Ten months without communication with his family. Three hundred days in solitary confinement. A cell that is fully lit around the clock.
These are some of the conditions faced by Johan Floderus, a European Union official from Sweden who was arrested in Iran in April last year and has been held hostage since, his family revealed on Sunday.
Last week The New York Times was the first to report on his incarceration in Tehran’s notorious Evin prison, after EU and Swedish authorities kept him hidden for more than 500 days.
Now the family has gone public, sharing details of Mr. Floderus’ incarceration to raise awareness and support.
On Sunday, Mr. Floderus, who rose through the EU civil service to become a member of the diplomatic corps, aged 33 was in Iranian custody, in what appeared to be another hostage-taking case to force the release of detainees. of Iran or other concessions from the West.
Mr. Floderus’ family said Sunday in a statement that it had begun a public campaign to bring him home, following in the footsteps of families of other foreigners or dual Iranian citizens detained by the government. in recent years.
The family said Mr. Floderus’ rights had been blatantly violated. He is allowed only three and a half hours of fresh air a week, they say, is too limited to receive letters from relatives or send letters and has been given a small visit by Swedish diplomats in Tehran since he was arrested.
“He was allowed to make, on average, one short phone call every month starting in February,” the statement said, adding that Mr. Floderus “had to go on hunger strike to be allowed to make some these calls, which are in English and can be monitored.”
Mr. Floderus’s case is unique because of his professional background, which makes him a high-value prisoner in what experts describe as a vigorous “hostage diplomacy” waged by Iran.
Before joining the European Union’s diplomatic corps, Mr. Floderus traveled to Iran on official bloc business for humanitarian projects, his family said Sunday. He was visiting tourists in April last year when he was arrested at Tehran airport on his way out of the country.
In the only video call Mr. Floderus has been allowed so far, last month, he made a “desperate plea” to his family to step up their efforts for his release, the statement said, adding that Mr. Floderus is not guilty of any wrongdoing. .
The Iranian authorities, in a statement in July 2022, announced that they had arrested a Swedish citizen for espionage and claimed that his previous trip to the country showed that he was there in bad business.
The continued imprisonment of Mr. Floderus in Iran puts the European Union and Sweden in a difficult place, compounded by the fact that they have been hiding it for so long, it seems that no real progress has been made towards his release.
Sweden convicted and imprisoned a high-profile former Iranian judicial official for ordering the deaths of thousands of people in the 1980s, and Swedish-Iranian relations are at a nadir.

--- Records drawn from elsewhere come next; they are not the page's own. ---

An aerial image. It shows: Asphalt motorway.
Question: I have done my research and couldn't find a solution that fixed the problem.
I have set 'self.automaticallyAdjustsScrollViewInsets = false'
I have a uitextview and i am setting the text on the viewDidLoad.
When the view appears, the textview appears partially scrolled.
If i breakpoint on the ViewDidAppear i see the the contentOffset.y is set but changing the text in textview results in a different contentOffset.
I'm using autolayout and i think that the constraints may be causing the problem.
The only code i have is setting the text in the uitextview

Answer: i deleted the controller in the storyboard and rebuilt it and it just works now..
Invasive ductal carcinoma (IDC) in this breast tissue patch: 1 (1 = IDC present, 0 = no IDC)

Besides Mr. Floderus, Iran has said it plans to kill an Iranian-Swedish scientist, Ahmadreza Djalali, who has been held since 2016 on murky charges of espionage and helping Israel kill nuclear scientists, an accusation he denied in May last year. That month, it killed another Swedish-Iranian, the dissident Habib Chaab, who had lived in Sweden for more than a decade and was abducted during a visit to Turkey in 2020 and smuggled into Iran.
The European Union is trying to revive a nuclear agreement with Iran, and several high-level officials have visited Tehran, throughout Mr. Floderus’s imprisonment. The dynamics and context of these diplomatic exchanges and the ongoing engagement with the Iranian government are now under scrutiny given that an EU employee is imprisoned in Iran.
“I want to emphasize that I personally, all my team at all levels – the European institutions in close coordination with the Swedish authorities, who have the primary responsibility for protecting the consulate – and together with his family, push to the Iranian authorities to release him,” Josep Borrell Fontelles, the EU’s top diplomat, said last week after The New York Times revealed Mr. Floderus’ arrest.
“Every time we have diplomatic meetings, at all levels, we put the issue on the table. Without stopping,” he added.